A portion of Wednesday’s discussion centered on connecting with the area’s youth and encouraging them to volunteer their time to causes in the local community. Sen. Brandon Smith, of Hazard, said participation in organizations like the Boy Scouts is down, and it will be up to adults to re-engage younger people.

“Every single one of us shares the exact same responsibility in solving this,” he said.

Helen Williams, a teacher at Hazard High School where students are encouraged to volunteer their time, urged adults to simply be present as way to present kids with role models. She said students want to help their communities, and cited her school’s response to gather needed materials for victims of the March 2012 tornadoes as one example of how the students at Hazard High School are serving their region.

“They need to know there are adults they can model after who really care about what they think,” Williams said, “because these kids want to make a difference.”

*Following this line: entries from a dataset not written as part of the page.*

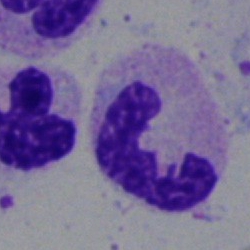
Q: Which cell type is shown here?
A: It is a polymorphonuclear neutrophil.
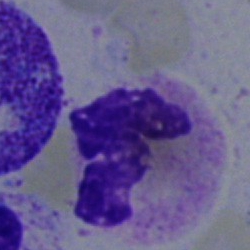

A polymorphonuclear neutrophil.
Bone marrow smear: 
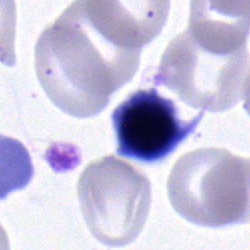

Impression — erythroblast.
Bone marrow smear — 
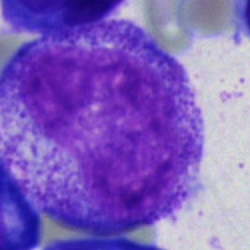
Q: What is shown here?
A: Myelocyte.
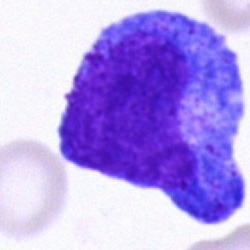
Specimen: bone marrow aspirate smear.
Cell type: progranulocyte.
Lineage: myeloid.
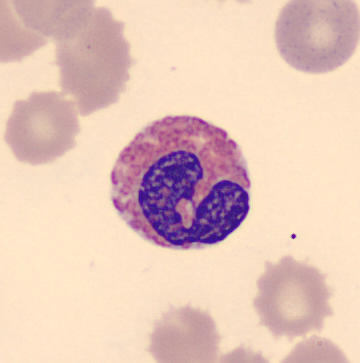

MGG-stained.

Specimen: peripheral blood smear.
Cell type: eosinophil.
Lineage: myeloid.
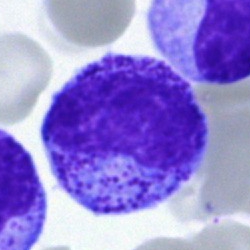 Q: What cell is this?
A: It is a metamyelocyte.
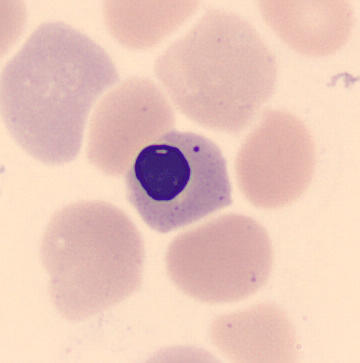 Single-cell crop from a peripheral blood smear: nucleated red blood cell.
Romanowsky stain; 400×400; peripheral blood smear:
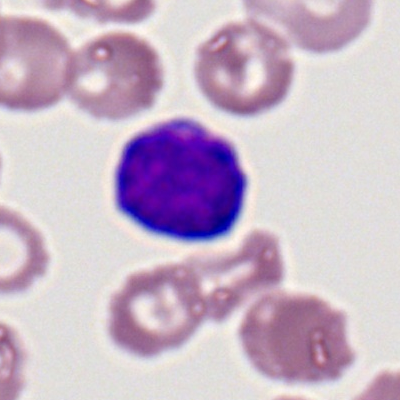 This is a lymphocyte.
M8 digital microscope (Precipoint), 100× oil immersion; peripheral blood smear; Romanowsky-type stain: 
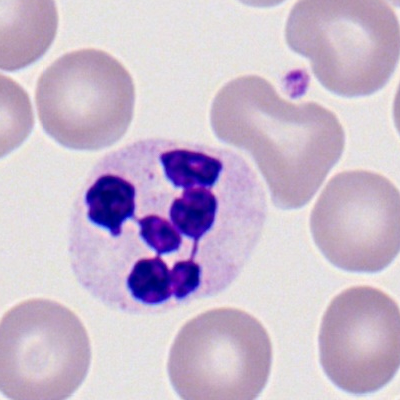
Q: What cell is this?
A: This is a polymorphonuclear neutrophil.
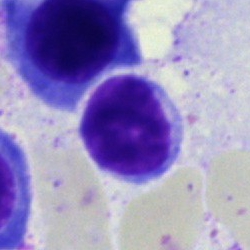
{"cell_type": "lymphocyte", "lineage": "lymphoid"}
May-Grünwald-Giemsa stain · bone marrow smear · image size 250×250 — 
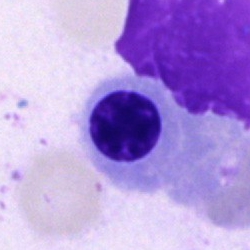A nucleated red cell.
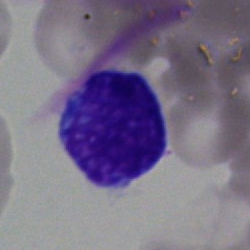 A typical lymphocyte.
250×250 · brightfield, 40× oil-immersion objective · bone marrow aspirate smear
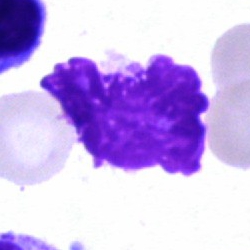 {"cell_type": "artefact"}
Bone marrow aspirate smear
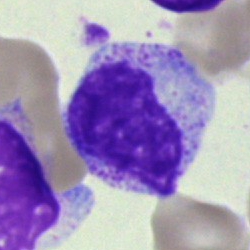

Cell type: myelocyte.
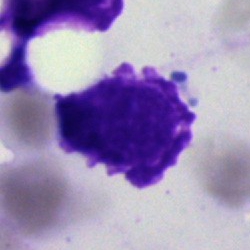Q: What is shown here?
A: This is an artifact.
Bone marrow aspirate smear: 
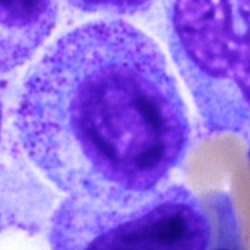 Showing a progranulocyte.
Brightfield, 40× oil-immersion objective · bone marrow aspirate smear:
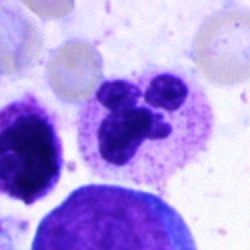 Morphology consistent with a polymorphonuclear neutrophil.
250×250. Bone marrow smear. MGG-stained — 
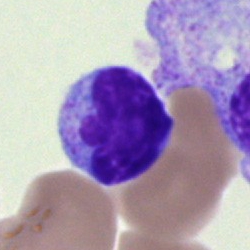

{"cell_type": "lymphocyte"}

Doug Fraley is the vice president of student services at Hazard Community and Technical College, and spoke on the importance of education in developing a more civic-minded state, especially the role of parents as the first educators in a child’s life. Ultimately, he said, kids from rural areas, like he was, need to know that there exists a chance for a future better than the present.

“We’ve got to sell hope and opportunity,” Fraley said. “Education is hope and opportunity. It worked for me, the guy from the head of the holler.”

This region in Eastern Kentucky, specifically, has many people who have the time and talent, and according to a recent study, even the wealth to effect positive change at the community level, noted Gerry Roll, director of the Community Foundation for Appalachian Kentucky. But in many cases, people may not know how to begin the process.

“I don’t believe we have a lack of will, I think sometimes people see a lack of opportunity,” Roll said.

The community foundation is one organization seeking to facilitate that process of bringing people together, and in terms of the region’s abject poverty, Roll said she would like to see a regional approach. Here in Perry County, a quarter of the population remained in poverty in 2011, and it will take people working together to bring new ideas to the table and new approaches for a more diversified economy.

“We believe that if we can connect our local community, and start to connect our contiguous counties and start thinking of ourselves as a region, then we’re really going to start moving the dial on poverty,” Roll said.

Grimes will hold her 15th and final scheduled roundtable discussion at the University of Pikeville on May 1, beginning at 11 a.m. Other discussions have taken place across the state, including in Louisville, Elizabethtown, and Morehead.